Actually, Presbyterian Hospital's decisions flowed from the pressures and imperatives arising from 30 years of social, medical and legal policies specifically designed to liberate patients from forced confinement. The development of effective drugs prompted states to begin the wholesale release of patients from hospitals. At the same time patient advocacy movements, citing stories of people left to languish for years in "snake pits," established an individual's right to refuse involuntary commitment or treatment.
While benefiting thousands of people, these policies have led to drastically scarce bed space for mental patients, swollen numbers of disturbed homeless people roaming the streets of America's cities, and forbidding legal constraints against forced institutionalization. In Onalaska, Wis., last year, a 30-year-old man shot to death a priest, a lay minister and a church custodian during a mass. He had been released from a Michigan mental-health institution, where he had been committed after several prior assaults. But Wisconsin's laws and those of many other states would not allow him to be involuntarily committed.
In Los Angeles, which has been called the homeless capital of the U.S., a third of some 50,000 homeless are believed to be mentally ill, and fear of violence from the deinstitutionalized is common. But the director of the local mental-health association, Richard Van Horn, says "deinstitutionalization itself is not at fault. Adequate treatment dollars did not follow the population into the community." While the Federal Government initially planned to establish 2,000 community mental-health centers for released patients, no more than 800 were ever opened. Dwindling federal revenues have left communities without the means to treat the homeless mentally ill. New York State, for example, maintained 46,000 in-patient beds for the mentally ill in 1970; today the number is less than 6,000. Says Dr. Henry Storper, medical director of Community Health Incorporated in Miami: "We did not deinstitutionalize mental-health hospitals. We depopulated them."

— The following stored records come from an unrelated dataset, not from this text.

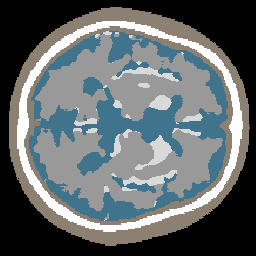
Label: no_lesion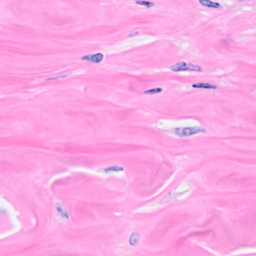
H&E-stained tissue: Breast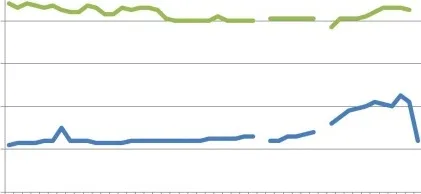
Case 7. X-axis representing time in 16 sec intervals;. upper line (red): CO2 (mmHg); middle line (green): Resp (br/m); lower line (blue): SpO2 (%).
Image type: chart (chart)
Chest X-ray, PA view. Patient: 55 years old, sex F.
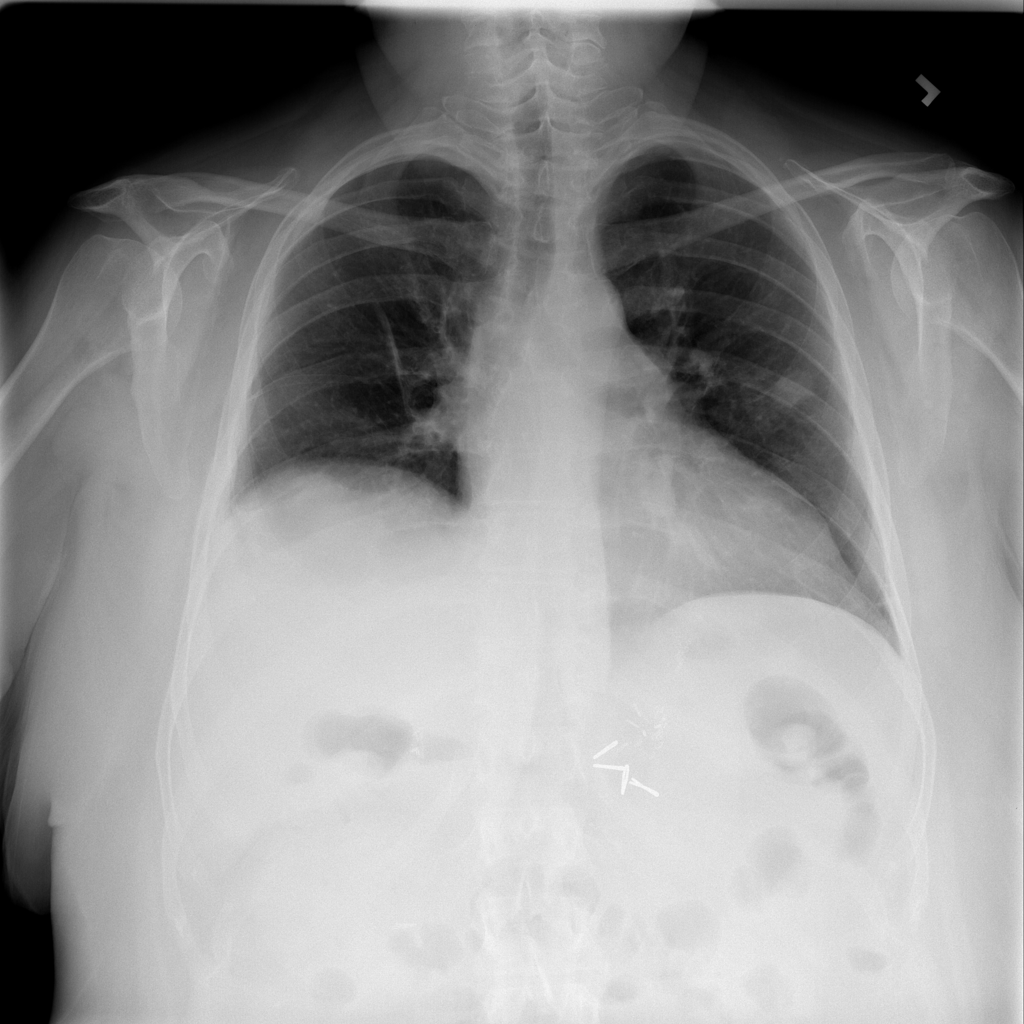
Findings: Consolidation, Infiltration, Mass, Nodule

Violence resulting from such situations is almost inevitable. Dr. Darold Treffert, chairman of the board of the Wisconsin State Medical Society, has collected several hundred cases from all over the U.S. of deinstitutionalized patients who, lacking treatment, became involved in violence. Says Treffert: "Most states ended up with three standards for civil commitment: danger to self, danger to others and gravely disabled. We need a fourth standard, for that patient who is obviously ill but not yet deteriorated to the point of being dangerous." The tragic history of the New York ferry slashing underscores just how serious that danger can be.